Termina nuestro encuentro, y Ruth y yo nos dirigimos a su casa provisional mientras reforman su casa, esa casa que esconde tantos recuerdos para mi... noche en vela haciendo los ejercicios de una joven despistada servidora. Esos cumpleaños con regalos infantiles, regalos adolescentes, regalos adultos... Nostalgia. Y tras una charla en la que me confieso serena, tranquila y madura, noto como el rostro de Ruth me agradece y me confirma la certeza de esas palabras... Me hace sentir tan bien su compañía, saber que forma parte de mi familia es reconfortante y saber que ella me considera igual, es algo grande, algo que desearía que otras personas sintieran ese sentimiento. Me alegra escuchar su voz mientras miro como se mueven sus labios, como me cuenta lo bien que le van los estudios, sus quejas, sus deseos... Tanto que se nos pasa el tiempo como si tuviera alas. Así que dejamos la conversación para irme a Villaviciosa de Odón. Allí espero a Marta, la máquina de palabras, la máquina de quejas que tanto me gusta escuchar. Acompañada de su Griego-inglés Alex, caminan hacia mi, haciendo una pareja distinta, pero agradable. La noto más madura, y me hace ver como pasa el tiempo, más de tres años sin vernos y les acompaños a hacer una pequeña compra como si nos hubiéramos visto ayer pero con muchas cosas que contarnos. Llegando al punto de tener que sacar el tema que me hace tanto daño, Eva. Pero pienso que cada vez que lo cuento me libero de un peso que llevo dentro, hasta que ya no tenga dentro esa decepción cuando piense en ello. Se hace tarde, la tarde vuela, y me acompañan a la parada de la guagua que me lleva hasta Móstoles, y en la oscuridad del vehiculo lloro por dentro de felicidad, sintiendo que por primera vez aprovecho un viaje. Reencontrarme con mi gente me hace desvanecerme por dentro, y se me infla el pecho con mi propia alegría.

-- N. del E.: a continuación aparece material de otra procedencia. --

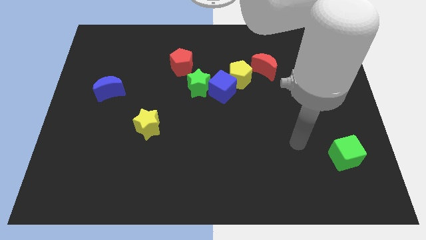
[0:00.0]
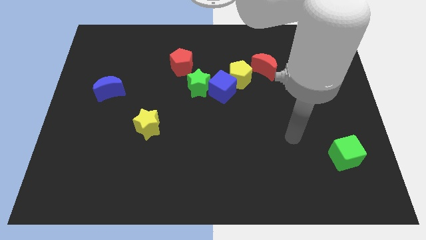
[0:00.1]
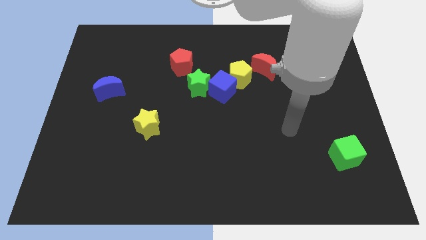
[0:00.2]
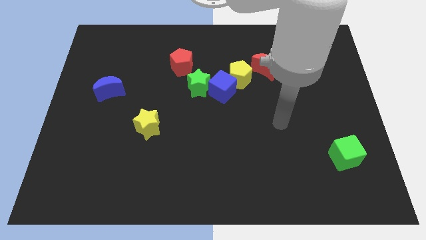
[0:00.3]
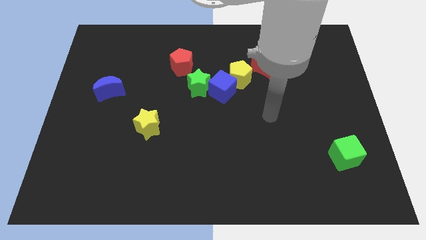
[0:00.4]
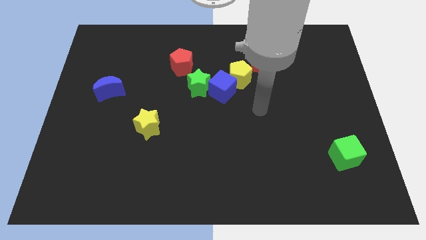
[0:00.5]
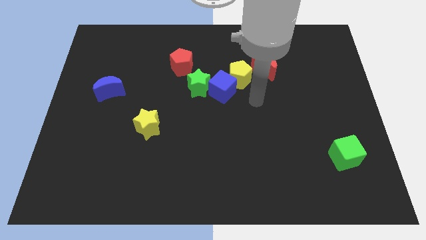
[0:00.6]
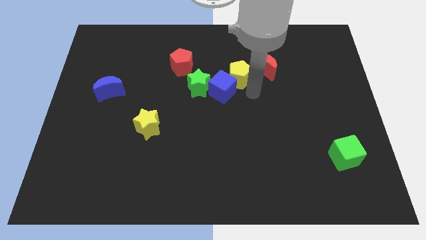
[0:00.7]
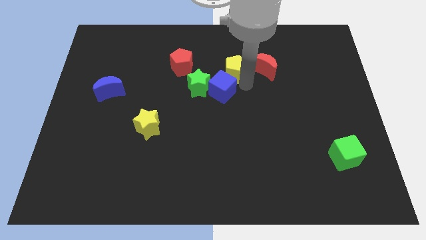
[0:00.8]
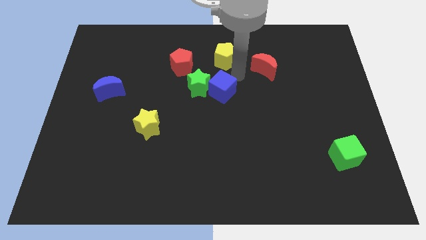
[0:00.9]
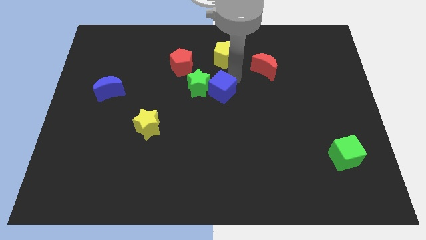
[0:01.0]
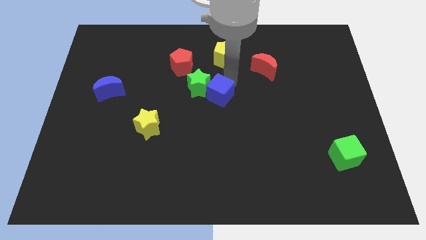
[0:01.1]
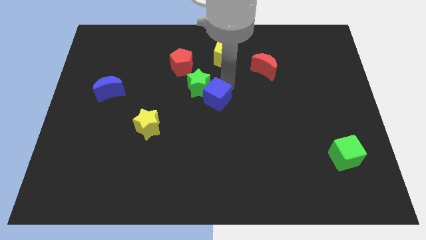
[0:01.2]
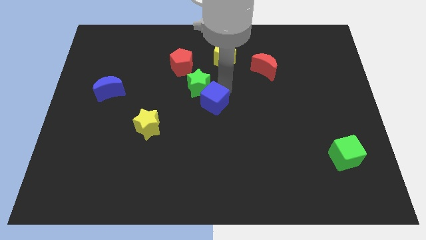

Rodrigo me recibe en casa con bromas sobre mi tardanza, y me hace sonreír de una manera especial. Algo renace y crece dentro de mi cada vez que le tengo cerca, aunque apenas me cuente algo suyo, sólo con su compañía me llena de una manera especial. Chessare me viene a la mente mientras vemos la televisión, y me decido a mandarle un mensaje con miedo a molestarle. Aún no lo conozco y tengo miedo de que mi actitud pueda estropear este “algo” chachi que existe entre nosotros. Pero no contesta y decido irme a dormir para seguir mi ruta al día siguiente.

La mañana del miércoles se ve preciosa, y sola en la casa me dispongo a pasear semidesnuda sin miedo de encontrarme con nadie. Me conecto desde mi portátil y entro en conexión con el mundo que me pregunta como va el viaje.

Durante mi estancia en Móstoles me sorprendo con la conexión que demostramos tener mi hermana y yo, me reconforta pensar que las dos niñas que casi se matan a mordiscos han desaparecido, y que dos nuevas mujeres se convierten en amigas por primera vez en muchos años, ya no tengo miedo, todo está en su sitio, a pesar de nuestros choques, todo comienza a ir bien, y solo pensarlo me hace estremece de una manera tan agradable que mi mente se queda varada recordando todos aquellos momentos que nos separaron en el pasado.